Summary. The paper constructs a textual time-series corpus from 136 PubMed Open Access single-patient case reports on GLP-1 receptor agonists (GLP-1RA) in type 2 diabetes, with clinical events linked to probable reference times. It evaluates LLM-based timeline extraction against expert-annotated gold-standard timelines, reporting strong performance for the top model (GPT5) on event coverage (0.871) and temporal sequencing (0.843) across symptoms, diagnoses, treatments, labs, and outcomes. A downstream demonstration applies time-to-event modeling to suggest reduced respiratory sequelae risk among GLP-1RA users versus non-users (HR=0.259, p<0.05).

Significance. If the extraction pipeline and risk signal hold after addressing validation gaps, the released corpus and code could enable systematic reuse of narrative case reports for longitudinal phenotyping and modeling in diabetes, complementing registry data with fine-grained temporal structure.

major comments (3)

[Abstract/Methods] Abstract and Methods: The headline metrics (GPT5 event coverage 0.871; temporal sequencing 0.843) rest on expert-annotated timelines as gold standard, yet no inter-annotator agreement statistics, annotation protocol, or disagreement-resolution procedure are described. This directly affects the credibility of the reported extraction quality.
[Results/Downstream] Results/Downstream demonstration: The hazard ratio (HR=0.259, p<0.05) for respiratory sequelae is presented without confidence intervals, sample-size justification, or explicit handling of missing or uncertain event times, which are load-bearing for interpreting the time-to-event claim.
[Discussion] Discussion: The 136 PubMed OA reports are treated as a basis for risk generalization, but no comparison to broader GLP-1RA registries or assessment of publication bias appears; this limits the strength of the downstream demonstration.

minor comments (2)

[Abstract] Abstract: Specify the exact GPT5 model identifier, temperature, and prompting strategy used for reproducibility.
[Abstract] Abstract: Clarify whether the temporal sequencing score (0.843) is aggregate or broken down by event category (symptoms, diagnoses, etc.).

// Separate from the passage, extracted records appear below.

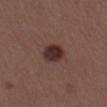Part of a total-body skin-imaging series; this lesion was reviewed on a skin check and was not flagged for biopsy.
A lesion tile, about 15 mm wide, cut from a 3D total-body photograph.
Imaged with white-light lighting.
Longest diameter approximately 3 mm.
Located on the left thigh.
A female subject aged 38–42.
An algorithmic analysis of the crop reported a symmetry-axis asymmetry near 0.15. It also reported an average lesion color of about L≈30 a*≈18 b*≈21 (CIELAB) and about 12 CIELAB-L* units darker than the surrounding skin. The analysis additionally found a detector confidence of about 100 out of 100 that the crop contains a lesion.
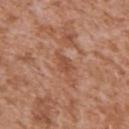Case summary:
- follow-up — imaged on a skin check; not biopsied
- image — total-body-photography crop, ~15 mm field of view
- subject — male, roughly 45 years of age
- anatomic site — the left upper arm
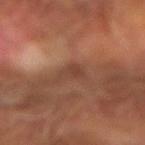diameter: ~2.5 mm (longest diameter) | acquisition: total-body-photography crop, ~15 mm field of view | image-analysis metrics: an average lesion color of about L≈39 a*≈20 b*≈27 (CIELAB), a lesion–skin lightness drop of about 7, and a lesion-to-skin contrast of about 6.5 (normalized; higher = more distinct); a border-irregularity rating of about 5/10, internal color variation of about 1 on a 0–10 scale, and peripheral color asymmetry of about 0.5 | anatomic site: the arm | lighting: cross-polarized illumination | subject: male, aged approximately 65.

Simulated Author's Rebuttal

3 responses · 0 unresolved

We thank the referee for their constructive feedback, which has helped us improve the clarity and rigor of the manuscript. We address each major comment below and have revised the paper accordingly to strengthen the description of our annotation process and statistical reporting while clarifying the scope of the downstream demonstration.

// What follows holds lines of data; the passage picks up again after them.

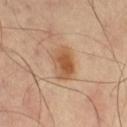| feature | finding |
|---|---|
| follow-up | catalogued during a skin exam; not biopsied |
| image | 15 mm crop, total-body photography |
| body site | the right thigh |
| illumination | cross-polarized |
| TBP lesion metrics | an automated nevus-likeness rating near 95 out of 100 and a lesion-detection confidence of about 100/100 |
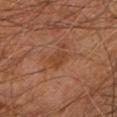| key | value |
|---|---|
| workup | catalogued during a skin exam; not biopsied |
| patient | male, aged approximately 60 |
| lesion size | ~2.5 mm (longest diameter) |
| illumination | cross-polarized |
| body site | the right leg |
| acquisition | ~15 mm crop, total-body skin-cancer survey |

read point-by-point responses

Referee: [Abstract/Methods] Abstract and Methods: The headline metrics (GPT5 event coverage 0.871; temporal sequencing 0.843) rest on expert-annotated timelines as gold standard, yet no inter-annotator agreement statistics, annotation protocol, or disagreement-resolution procedure are described. This directly affects the credibility of the reported extraction quality.

Authors: We agree that explicit details on the annotation process are necessary. In the revised manuscript, we have added a new subsection in Methods that describes the protocol: two clinical domain experts independently identified events (symptoms, diagnoses, treatments, labs, outcomes) and assigned the most probable reference times based on explicit textual cues. Disagreements were resolved via consensus discussion. We did not compute formal inter-annotator agreement due to resource constraints and the objective nature of the task, but we now acknowledge this limitation and provide the full protocol for reproducibility. revision: yes
Referee: [Results/Downstream] Results/Downstream demonstration: The hazard ratio (HR=0.259, p<0.05) for respiratory sequelae is presented without confidence intervals, sample-size justification, or explicit handling of missing or uncertain event times, which are load-bearing for interpreting the time-to-event claim.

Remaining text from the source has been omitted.